The Legion of Space | |
Author: | Jack Williamson |
Illustrator: | A. J. Donnell |
Cover Artist: | A. J. Donnell |
Country: | United States |
Language: | English |
Series: | Legion of Space Series |
Publisher: | Fantasy Press |
Release Date: | 1947 |
Media Type: | Print (Hardback) |
Pages: | 259 |
Followed By: | The Cometeers |
The Legion of Space is a science fiction novel by the American writer Jack Williamson. It was originally serialized in Astounding Stories in 1934, then published in book form (with some revisions) by Fantasy Press in 1947 in an edition of 2,970 copies. A magazine-sized reprint was issued by Galaxy in 1950, with a standard paperback following from Pyramid Books in 1967. The first British edition was published by Sphere Books in 1977. The Legion of Space has been translated into German, French, Italian and Japanese.[1] It has also appeared in the omnibus Three from the Legion, which compiles the novel and all but one of its sequels.[2]
The story takes place in an era in which humans have colonized the Solar System but dare not go farther, as the first extra-solar expedition to Barnard's Star failed and the survivors came back as babbling, grotesque, diseased madmen. These survivors spoke of a gigantic planet, populated by ferocious animals, and of the single city of the evil "Medusae". The Medusae are elephant-sized, four-eyed, flying 'jellyfish' with hundreds of tentacles. The Medusae cannot hear or speak, but communicate with one another via radio waves.

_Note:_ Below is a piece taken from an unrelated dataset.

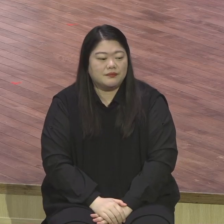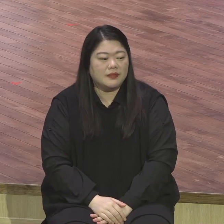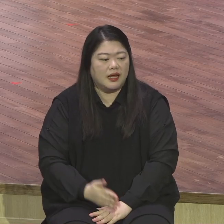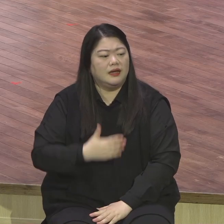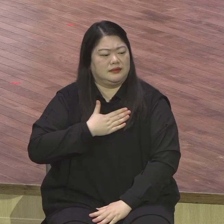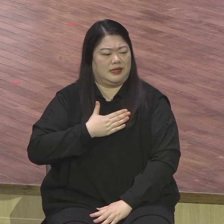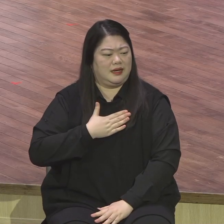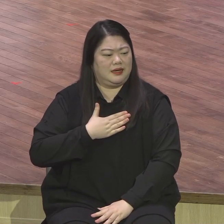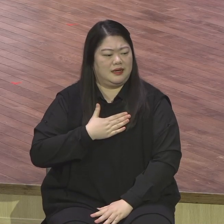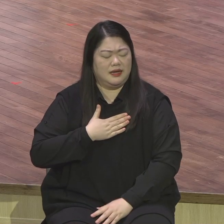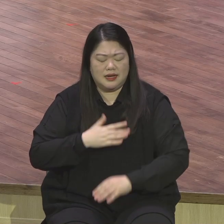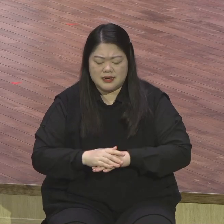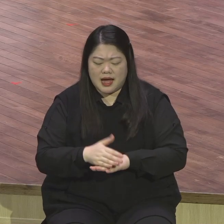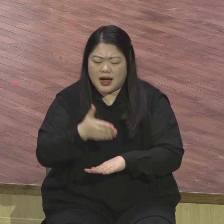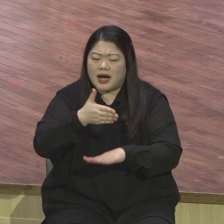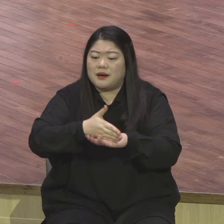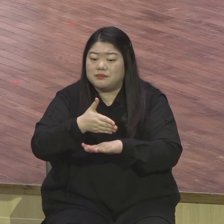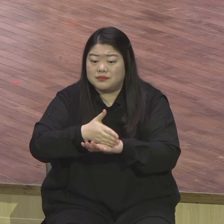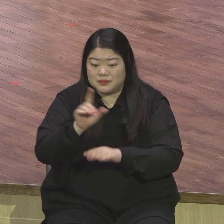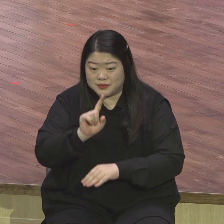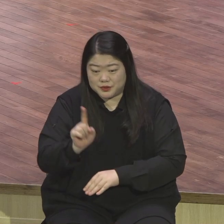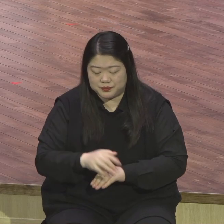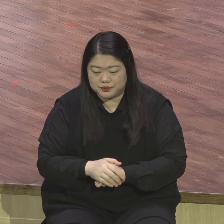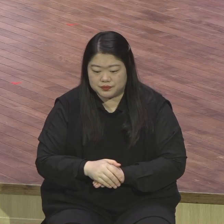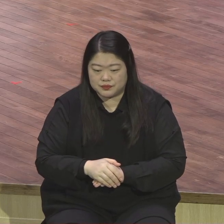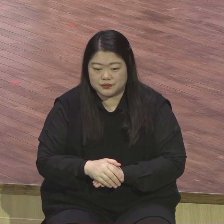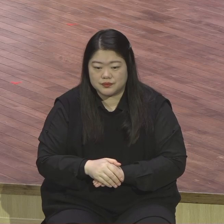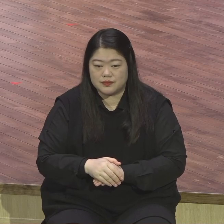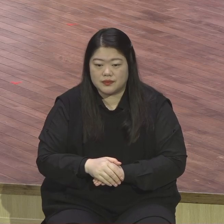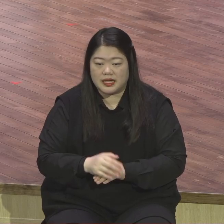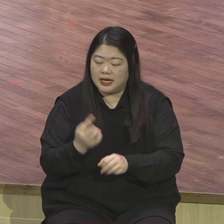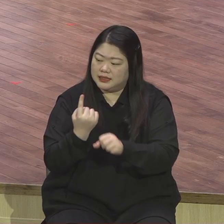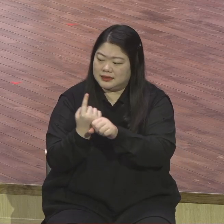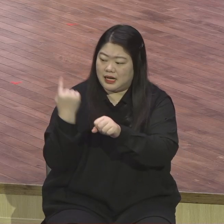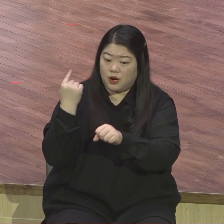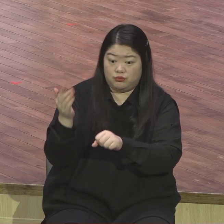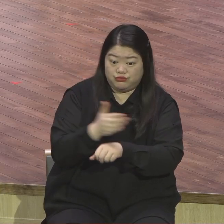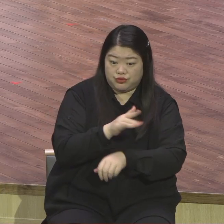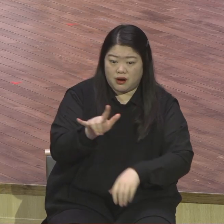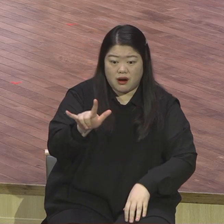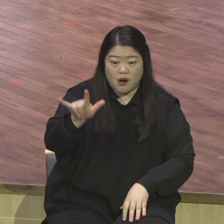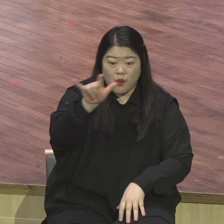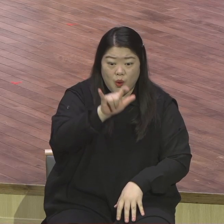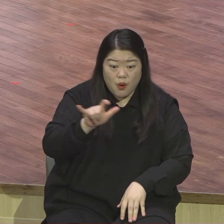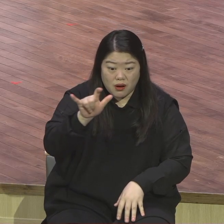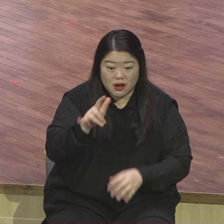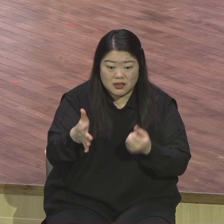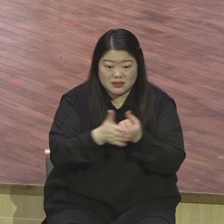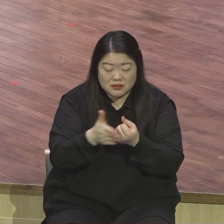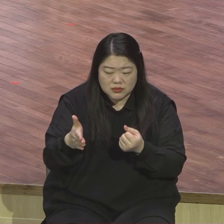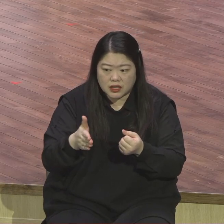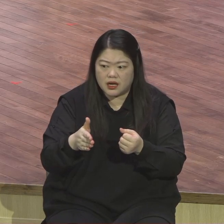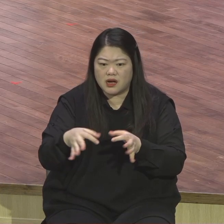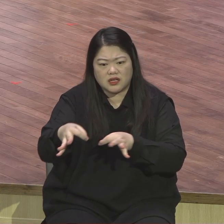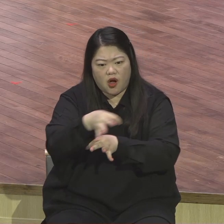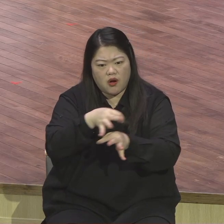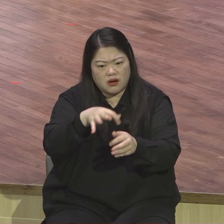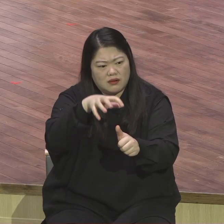코로나19로 인해서 세상은 많은 것을 제약받고 심지어 교회들도 쪽을 못 쓰고 그냥 교인들이 줄어가고

The Legion is the military and police force of the Solar System. It was created to keep the peace after the overthrow of the "Purples", a dynasty that ruled all humanity for generations. John Ulnar, a young graduate of the Legion academy, shares a surname with the Purples but is an enthusiastic supporter of the Legion.
A weapon called AKKA was used to defeat the Purples. Using a space/time distortion, it erases matter from the Universe—any matter, of any size, even a star or a planet. The secret of AKKA is kept in one family, descended from its creator, and is passed down from mother to daughter. One of the Legion's most important tasks is to guard the current Keeper, a beautiful young woman named Aladoree Anthar.
Through the machinations of his uncle, a powerful politician with a hidden agenda, John Ulnar is assigned to Aladoree's guard force at a secret fort on Mars. When she is kidnapped by a huge alien spaceship, John and the three other survivors of the guard force follow her kidnappers to a planet of Barnard's Star. They crash-land and must battle their way across a savage continent to the sole remaining citadel of the Medusae.
John Ulnar's uncle and his nephew have allied with the Medusae as a means to regain their empire, and have kidnapped Aladoree to ensure that AKKA is not used against them. The Medusae, however, turn on the Purples, seeking to destroy all humans and move to the Solar System, as their own world, far older than Earth, is spiraling into Barnard's Star.
John Ulnar and his companions rescue Aladoree, but the invasion of the Solar System has already begun. The Medusae conquer the Moon, set up bases there, and bombard Earth with gas projectiles. John, Aladoree, and their companions land on a ravaged Earth. Fighting off cannibals maddened by the gas, they build AKKA and destroy the Medusae fleets (and Earth's Moon as well).
Brian W. Aldiss and David Wingrove, noting that Williamson had produced much better work, dismissed The Legion of Space as a Gosh-wow! epic which thundered along "on the cloven heels of Doc Smith."[3] Everett F. Bleiler, although faulting the novel's "stylistic and developmental problems . . . notably the irritating characterizations of the musketeers and John Ulnar," concluded that The Legion of Space is carried along by a drive and verve that make it one of the better early space operas.[4]
Thrilling Wonder Stories found the novel to be "space opera with a vengeance -- with passably good characterization imbedded in an interplanetary chamber of horrors that . . . seems to go on forever [and becomes] a little tiresome".[5] P. Schuyler Miller wrote that the novel "does not pretend to be anything more than a good space-adventure yarn in the swashbuckling tradition -- and formula -- of The Three Musketeers".[6] Lester del Rey. writing in 1978, praised The Legion of Space as "a classic adventure story".[7]